**WHAT THE TASK ASKS**
The reply should be an exact repeat of the listing, with no pictures in it.

START DATA SHOWN

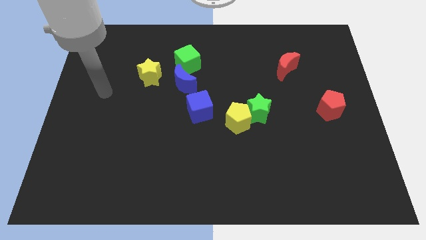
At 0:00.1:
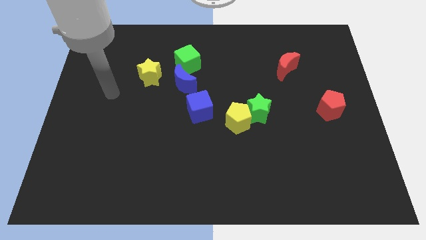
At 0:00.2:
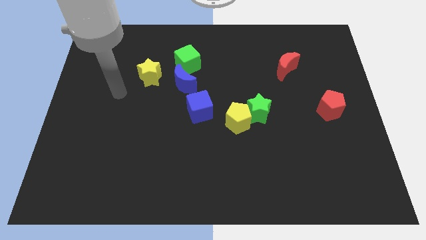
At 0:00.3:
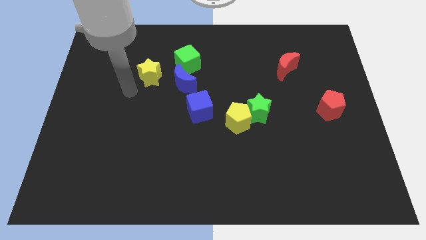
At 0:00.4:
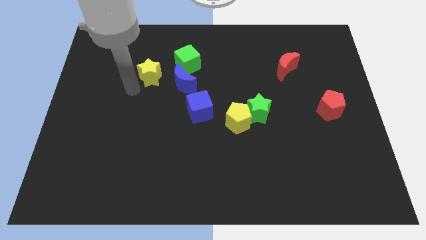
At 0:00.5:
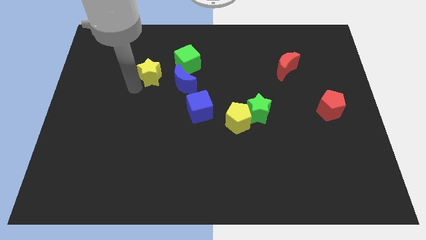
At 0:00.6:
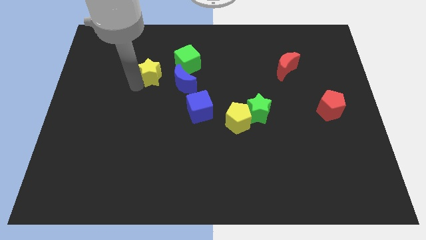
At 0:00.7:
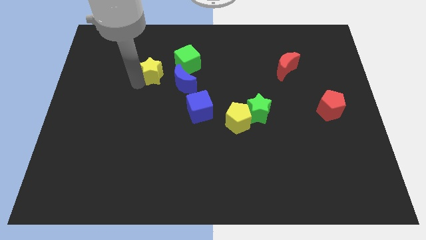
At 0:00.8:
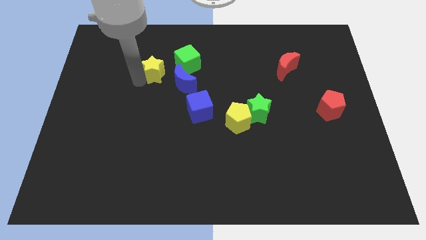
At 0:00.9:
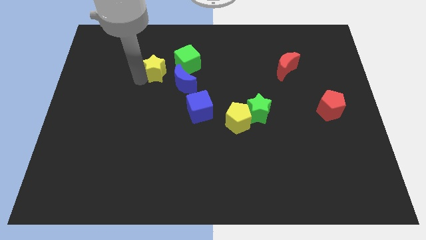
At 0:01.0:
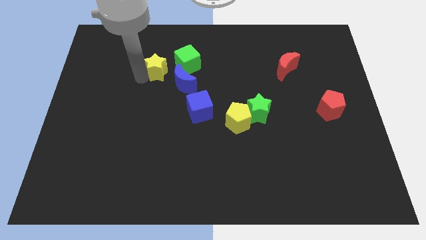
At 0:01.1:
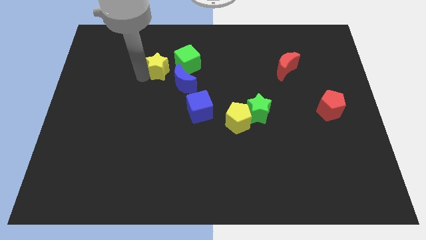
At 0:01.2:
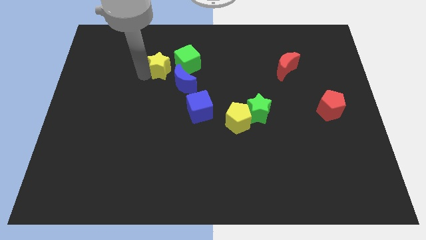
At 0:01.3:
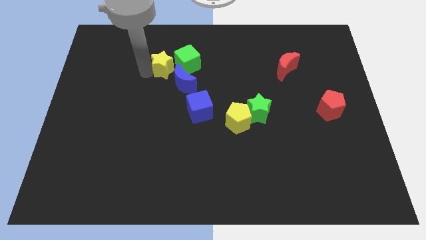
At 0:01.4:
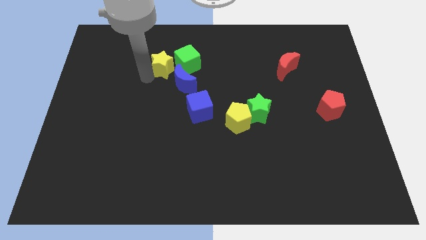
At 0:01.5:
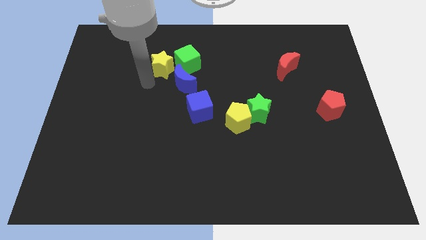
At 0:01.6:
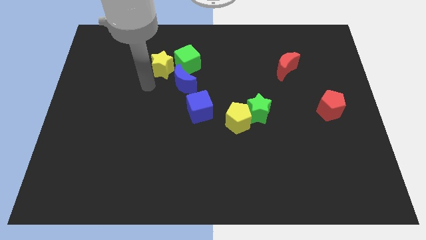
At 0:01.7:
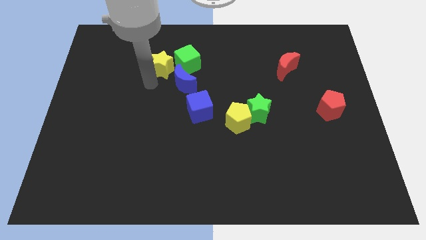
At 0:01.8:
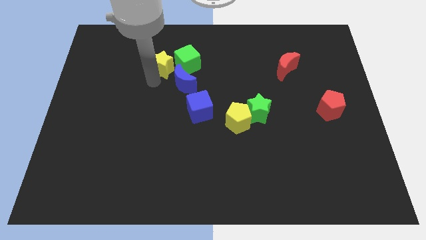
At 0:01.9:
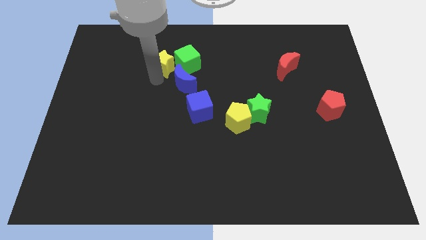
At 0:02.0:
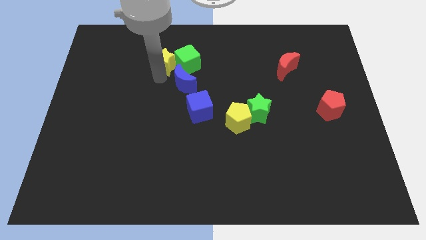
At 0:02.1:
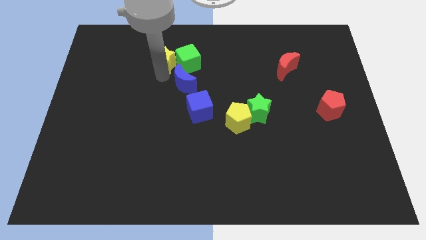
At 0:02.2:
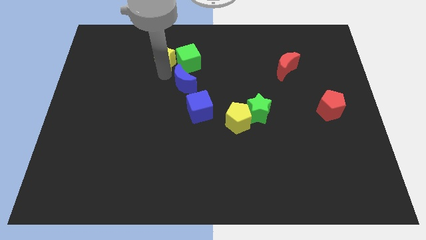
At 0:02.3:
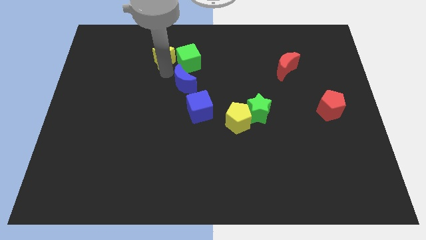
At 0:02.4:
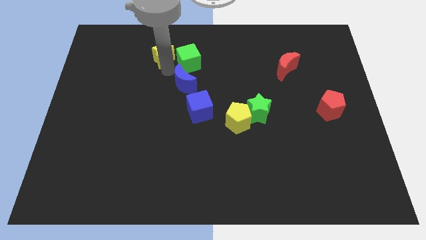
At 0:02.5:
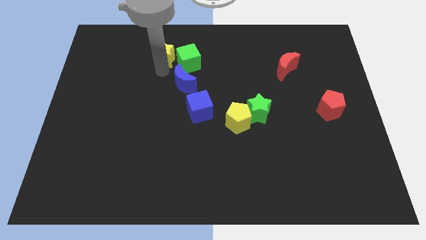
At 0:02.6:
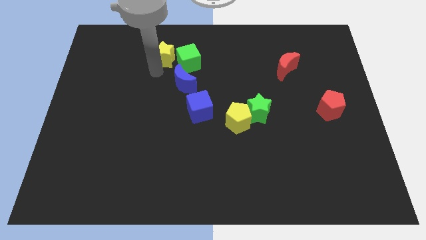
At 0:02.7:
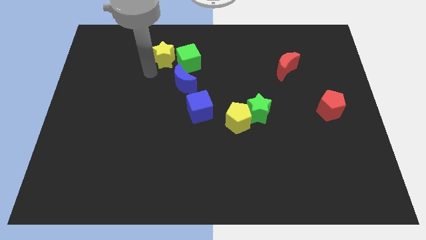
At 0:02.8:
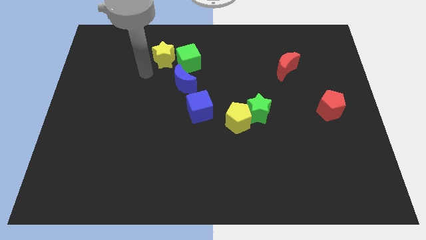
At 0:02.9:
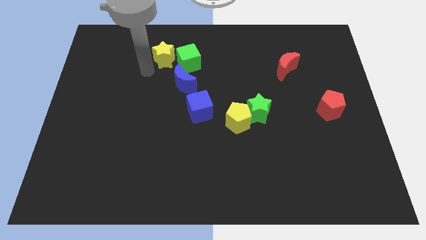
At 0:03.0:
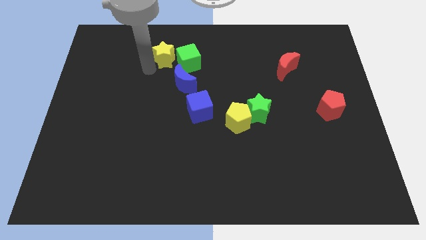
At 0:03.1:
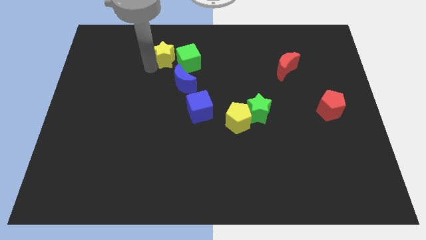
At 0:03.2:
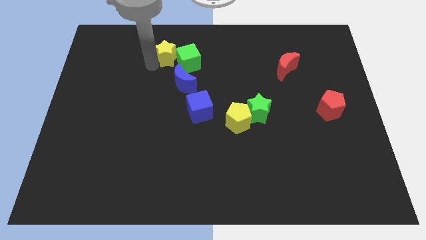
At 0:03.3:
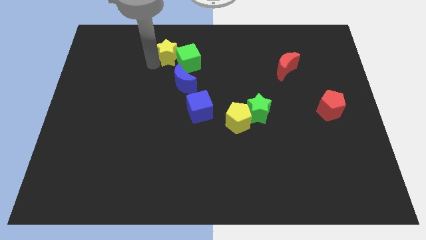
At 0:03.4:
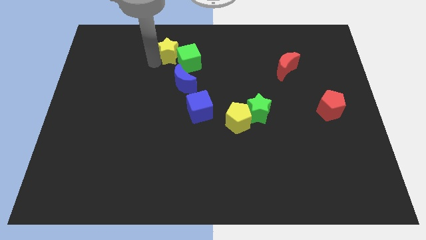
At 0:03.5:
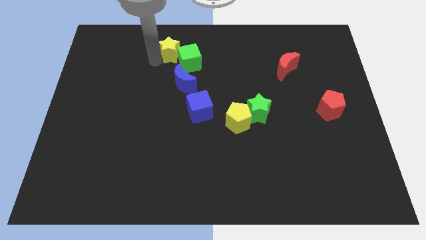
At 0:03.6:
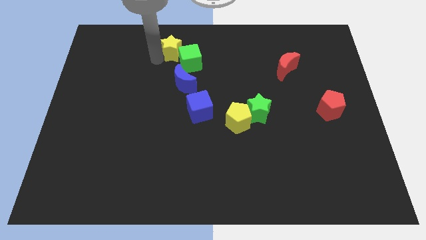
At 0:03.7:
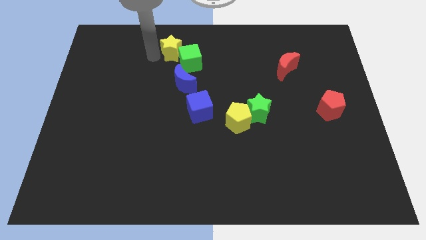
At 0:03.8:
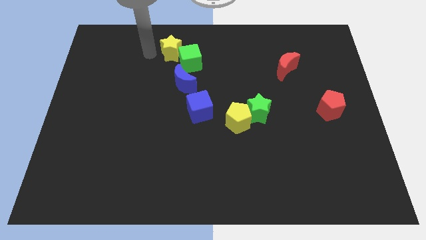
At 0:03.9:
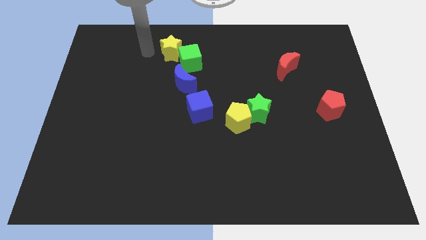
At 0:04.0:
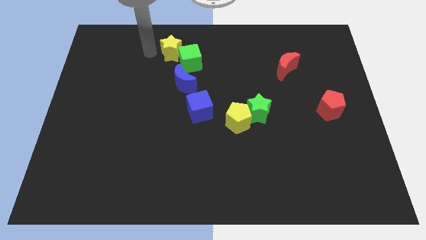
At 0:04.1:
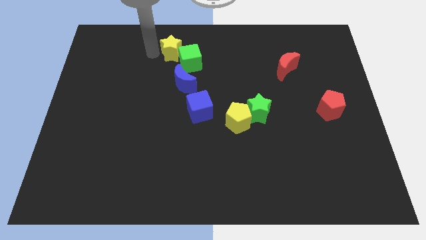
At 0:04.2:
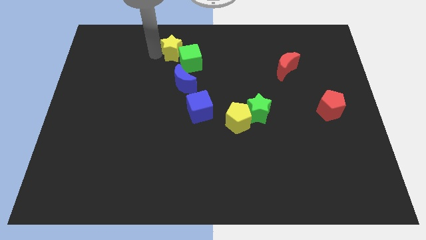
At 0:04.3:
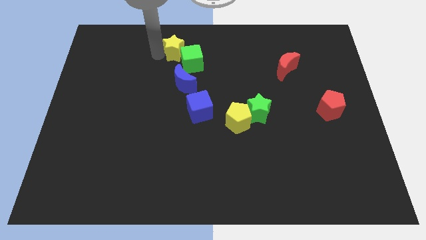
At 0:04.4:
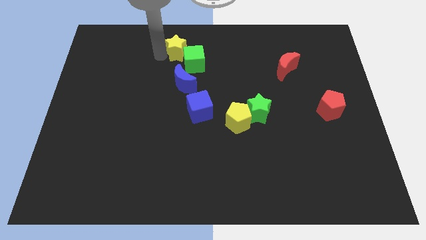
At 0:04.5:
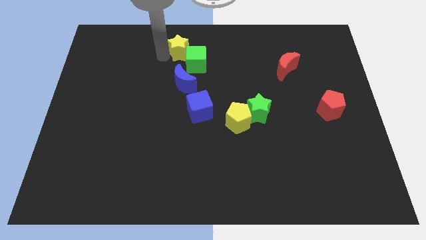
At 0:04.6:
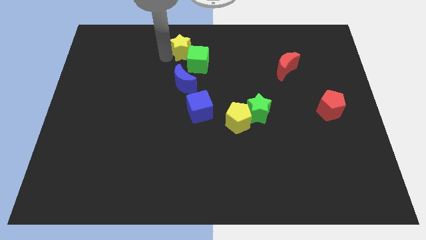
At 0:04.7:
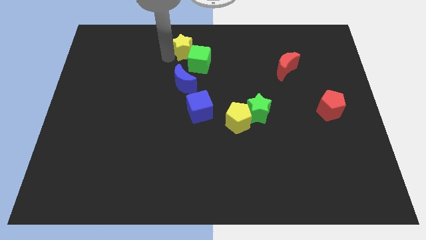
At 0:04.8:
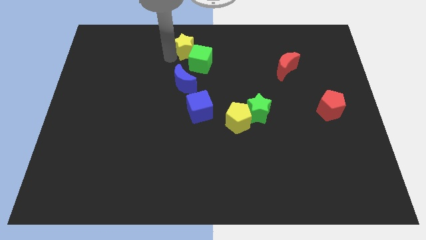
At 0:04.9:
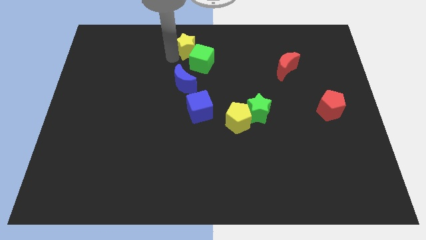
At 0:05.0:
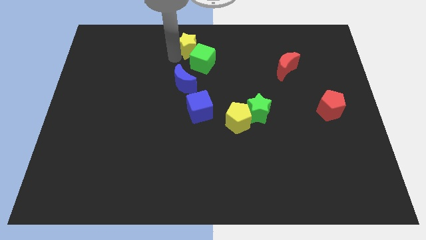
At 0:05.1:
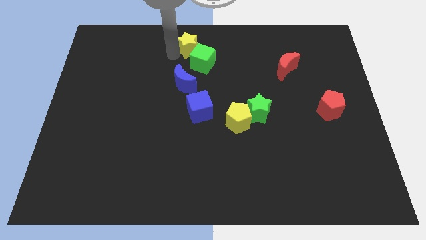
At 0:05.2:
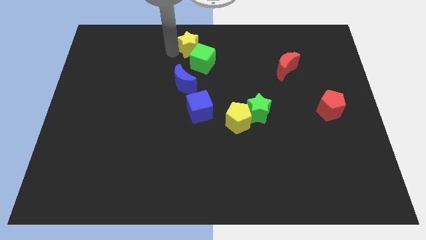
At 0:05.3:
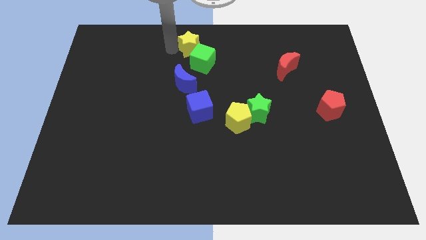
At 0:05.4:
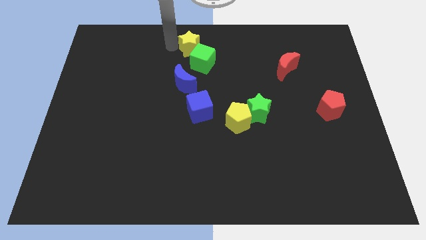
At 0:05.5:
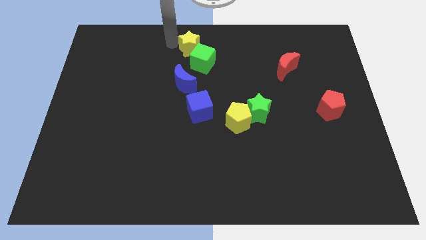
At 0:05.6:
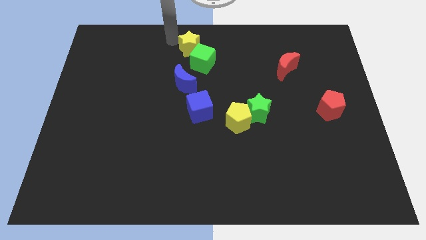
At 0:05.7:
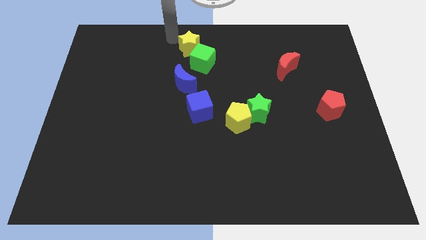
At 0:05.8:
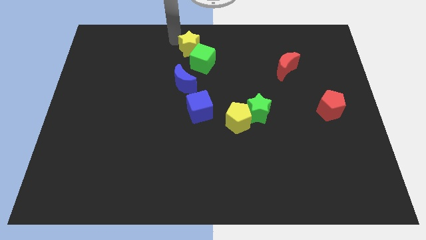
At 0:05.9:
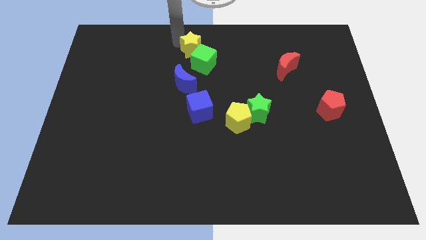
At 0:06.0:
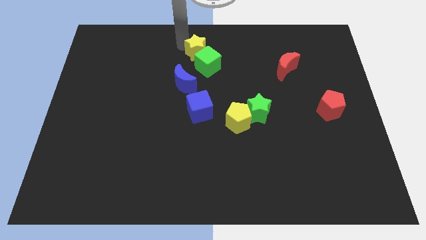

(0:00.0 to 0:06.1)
slightly push the yellow star right

END DATA SHOWN

**EXERCISE ANSWER**
At 0:00.1:
At 0:00.2:
At 0:00.3:
At 0:00.4:
At 0:00.5:
At 0:00.6:
At 0:00.7:
At 0:00.8:
At 0:00.9:
At 0:01.0:
At 0:01.1:
At 0:01.2:
At 0:01.3:
At 0:01.4:
At 0:01.5:
At 0:01.6:
At 0:01.7:
At 0:01.8:
At 0:01.9:
At 0:02.0:
At 0:02.1:
At 0:02.2:
At 0:02.3:
At 0:02.4:
At 0:02.5:
At 0:02.6:
At 0:02.7:
At 0:02.8:
At 0:02.9:
At 0:03.0:
At 0:03.1:
At 0:03.2:
At 0:03.3:
At 0:03.4:
At 0:03.5:
At 0:03.6:
At 0:03.7:
At 0:03.8:
At 0:03.9:
At 0:04.0:
At 0:04.1:
At 0:04.2:
At 0:04.3:
At 0:04.4:
At 0:04.5:
At 0:04.6:
At 0:04.7:
At 0:04.8:
At 0:04.9:
At 0:05.0:
At 0:05.1:
At 0:05.2:
At 0:05.3:
At 0:05.4:
At 0:05.5:
At 0:05.6:
At 0:05.7:
At 0:05.8:
At 0:05.9:
At 0:06.0:

(0:00.0 to 0:06.1)
slightly push the yellow star right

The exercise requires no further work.